2-byte (1-word) UTF-16 characters are in the range U+0000..U+FFFF on the BMP, and can always be represented by 3-byte UTF-8 sequences, so the maximum growth factor is 1.5 (instead of 2). 4-byte (2-word) UTF-16 characters are in the range U+10000..U+10FFFF on the Supplementary Planes, and are always represented by 4-byte UTF-8 sequences (growth factor 1).

Maybe a tiny memory-saving optimization for SQLite? ;-)

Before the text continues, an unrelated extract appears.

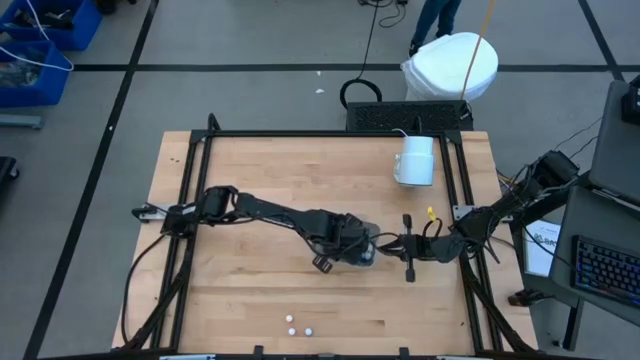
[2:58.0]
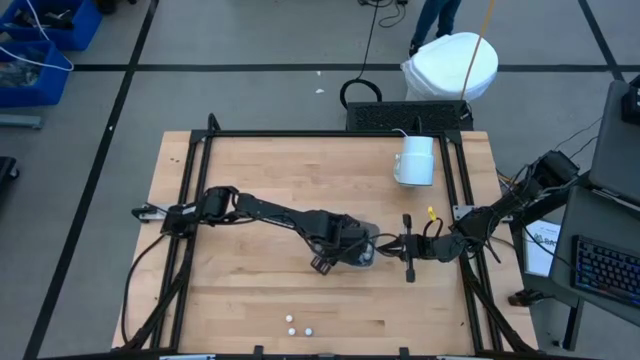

[0]: https://fossil-scm.org/index.html/artifact/2b7a91970e?ln=95-124
[1]: https://fossil-scm.org/index.html/artifact/2b7a91970e?ln=112
[2]: https://fossil-scm.org/index.html/artifact/907eda6236?ln=30289-30290

## TL;DR

The rest of the post has detailed test cases, code, and results.

## Test Cases

* U+03FF GREEK CAPITAL REVERSED DOTTED LUNATE SIGMA SYMBOL
 * UTF32: `00000000 00000000 00000011 11111111 = 0x000003ff`
 * UTF-8 2-byte normal: `11001111 10111111 = 0xcf 0xbf`
 * UTF-8 3-byte overlong: `11100000 10001111 10111111 = 0xe0 0x8f 0xbf`
 * UTF-8 4-byte overlong: `11110000 10000000 10001111 10111111 = 0xf0 0x80 0x8f 0xbf`

* U+0400 CYRILLIC CAPITAL LETTER IE WITH GRAVE
 * UTF-32: `00000000 00000000 00000100 00000000 = 0x00000400`
 * UTF-8 2-byte normal: `11010000 10000000 = 0xd0 0x80`
 * UTF-8 3-byte overlong: `11100000 10010000 10000000 = 0xe0 0x90 0x80`
 * UTF-8 4-byte overlong: `11110000 10000000 10010000 10000000 = 0xf0 0x80 0x90 0x80`

* U+07FF: NKO TAMAN SIGN
 * UTF-32: `00000000 00000000 00000111 11111111 = 0x000007ff`
 * UTF-8 2-byte normal: `11011111 10111111 = 0xdf 0xbf`
 * UTF-8 3-byte overlong: `11100000 10011111 10111111 = 0xe0 0x9f 0xbf`
 * UTF-8 4-byte overlong: `11110000 10000000 10011111 10111111 = 0xf0 0x80 0x9f 0xbf`

* U+0800 SAMARITAN LETTER ALAF
 * UTF-32: `00000000 00000000 00001000 00000000 = 0x00000800`
 * UTF-8 3-byte normal: `11100000 10100000 10000000 = 0xe0 0xa0 0x80`
 * UTF-8 4-byte overlong: `11110000 10000000 10100000 10000000 = 0xf0 0x80 0xa0 0x80`

## Test Code

```
struct ReInput utf8test = {
  "\xcf\xbf"
  "\xe0\x8f\xbf"
  "\xf0\x80\x8f\xbf"
  "\xd0\x80"
  "\xe0\x90\x80"
  "\xf0\x80\x90\x80"
  "\xdf\xbf"
  "\xe0\x9f\xbf"
  "\xf0\x80\x9f\xbf"
  "\xe0\xa0\x80"
  "\xf0\x80\xa0\x80",
  0, 32
};
fossil_print("U+03FF:\n=======\n");
fossil_print("UTF-8 normal   (2-byte): U+%04X\n",re_next_char(&utf8test));
fossil_print("UTF-8 overlong (3-byte): U+%04X\n",re_next_char(&utf8test));
fossil_print("UTF-8 overlong (4-byte): U+%04X\n\n",re_next_char(&utf8test));
fossil_print("U+0400:\n=======\n");
fossil_print("UTF-8 normal   (2-byte): U+%04X\n",re_next_char(&utf8test));
fossil_print("UTF-8 overlong (3-byte): U+%04X\n",re_next_char(&utf8test));
fossil_print("UTF-8 overlong (4-byte): U+%04X\n\n",re_next_char(&utf8test));
fossil_print("U+07FF:\n=======\n");
fossil_print("UTF-8 normal   (2-byte): U+%04X\n",re_next_char(&utf8test));
fossil_print("UTF-8 overlong (3-byte): U+%04X\n",re_next_char(&utf8test));
fossil_print("UTF-8 overlong (4-byte): U+%04X\n\n",re_next_char(&utf8test));
fossil_print("U+0800:\n=======\n");
fossil_print("UTF-8 normal (3-byte): U+%04X\n",re_next_char(&utf8test));
fossil_print("UTF-8 overlong (4-byte): U+%04X\n",re_next_char(&utf8test));
```

## Test Results (without the Fix)

```
U+03FF:
=======
UTF-8 normal   (2-byte): U+03FF
UTF-8 overlong (3-byte): U+FFFD
UTF-8 overlong (4-byte): U+FFFD

U+0400:
=======
UTF-8 normal   (2-byte): U+0400
UTF-8 overlong (3-byte): U+0400 (?)
UTF-8 overlong (4-byte): U+FFFD

U+07FF:
=======
UTF-8 normal   (2-byte): U+07FF
UTF-8 overlong (3-byte): U+07FF (?)
UTF-8 overlong (4-byte): U+FFFD

U+0800:
=======
UTF-8 normal   (3-byte): U+0800
UTF-8 overlong (4-byte): U+FFFD
```

## Test Results (with the Fix)

```
U+03FF:
=======
UTF-8 normal   (2-byte): U+03FF
UTF-8 overlong (3-byte): U+FFFD
UTF-8 overlong (4-byte): U+FFFD

U+0400:
=======
UTF-8 normal   (2-byte): U+0400
UTF-8 overlong (3-byte): U+FFFD (!)
UTF-8 overlong (4-byte): U+FFFD

U+07FF:
=======
UTF-8 normal   (2-byte): U+07FF
UTF-8 overlong (3-byte): U+FFFD (!)
UTF-8 overlong (4-byte): U+FFFD

U+0800:
=======
UTF-8 normal   (3-byte): U+0800
UTF-8 overlong (4-byte): U+FFFD
```

(2) By Florian Balmer (florian.balmer) on 2019-12-20 13:38:32 in reply to 1 [link]

I'm sorry copy-pasting from the code editor to the markdown editor went out of sync. The `ReInput::mx` member should be initialized with a length of `35`, not `32`.

This doesn't affect the relevant test results, but additional of my experiments with the `re_next_char()` function and overlong UTF-8 sequences.